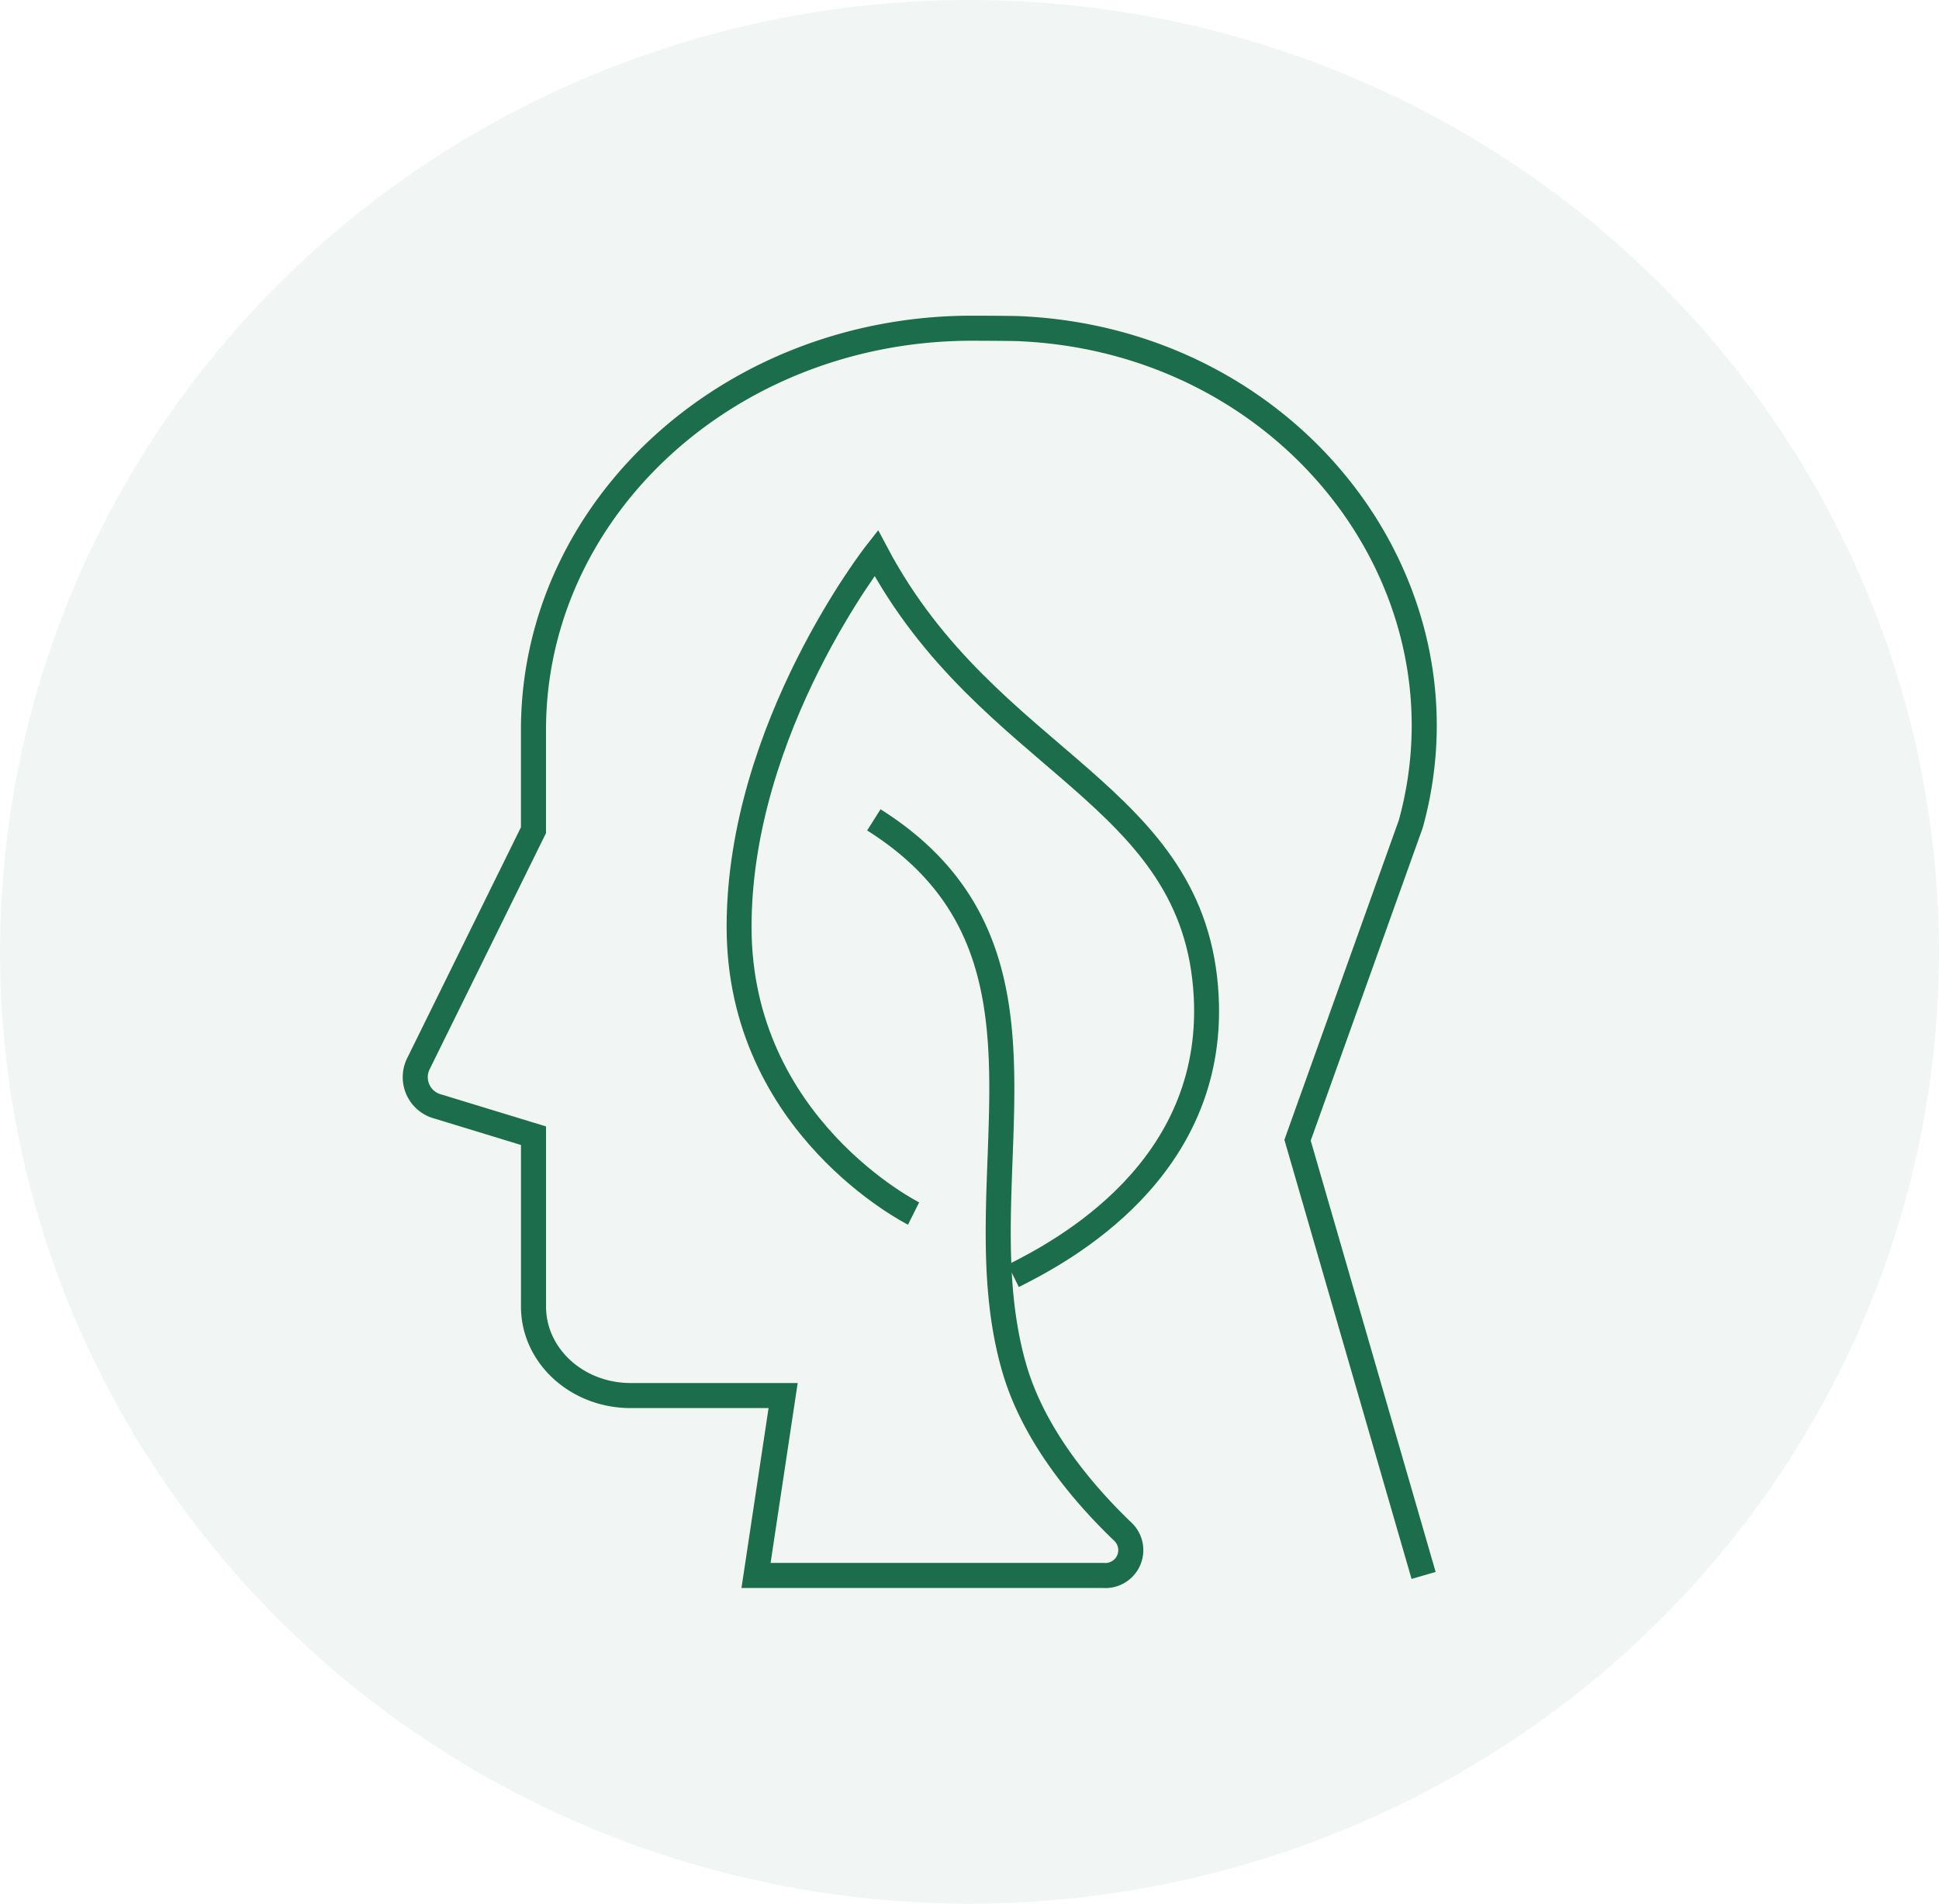 <svg xmlns="http://www.w3.org/2000/svg" width="155.574" height="152.745" viewBox="0 0 155.574 152.745">
  <title>ecoeducation-icon</title>
  <g>
    <ellipse cx="77.787" cy="76.373" rx="77.787" ry="76.373" fill="#1c6d4b" opacity="0.06" style="isolation: isolate"/>
    <g>
      <path d="M114.221,126.41,104.108,91.487l9.088-25.38c5.327-19.348-9.741-38.841-31.5-39.739-.534-.022-3.171-.033-3.711-.033h0c-19.43,0-35.182,14.432-35.182,32.236v8.042L33.544,85.405a2.434,2.434,0,0,0,1.617,3.387l7.645,2.335v13.714c0,3.941,3.487,7.135,7.788,7.135H62.833L60.66,126.41H88.512a2.037,2.037,0,0,0,1.609-3.48c-3.12-2.984-7.134-7.654-8.726-13.1-4.5-15.367,5.52-33.46-11.283-44.045" fill="none" stroke="#1c6d4b" stroke-miterlimit="10" stroke-width="2.011"/>
      <path d="M73.3,97.373s-14-7-14-23,11-30,11-30c9,17,25.658,19.161,26.481,35.621C97.478,93.877,85.3,100.373,81.3,102.373" fill="none" stroke="#1c6d4b" stroke-miterlimit="10" stroke-width="2"/>
    </g>
  </g>
</svg>

────────────────

About this task
Skipping all images, output the listing exactly.

Answer to this problem
 <svg xmlns="http://www.w3.org/2000/svg" width="155.574" height="152.745" viewBox="0 0 155.574 152.745">
  <title>ecoeducation-icon</title>
  <g>
    <ellipse cx="77.787" cy="76.373" rx="77.787" ry="76.373" fill="#1c6d4b" opacity="0.06" style="isolation: isolate"/>
    <g>
      <path d="M114.221,126.41,104.108,91.487l9.088-25.38c5.327-19.348-9.741-38.841-31.5-39.739-.534-.022-3.171-.033-3.711-.033h0c-19.43,0-35.182,14.432-35.182,32.236v8.042L33.544,85.405a2.434,2.434,0,0,0,1.617,3.387l7.645,2.335v13.714c0,3.941,3.487,7.135,7.788,7.135H62.833L60.66,126.41H88.512a2.037,2.037,0,0,0,1.609-3.48c-3.12-2.984-7.134-7.654-8.726-13.1-4.5-15.367,5.52-33.46-11.283-44.045" fill="none" stroke="#1c6d4b" stroke-miterlimit="10" stroke-width="2.011"/>
      <path d="M73.3,97.373s-14-7-14-23,11-30,11-30c9,17,25.658,19.161,26.481,35.621C97.478,93.877,85.3,100.373,81.3,102.373" fill="none" stroke="#1c6d4b" stroke-miterlimit="10" stroke-width="2"/>
    </g>
  </g>
</svg>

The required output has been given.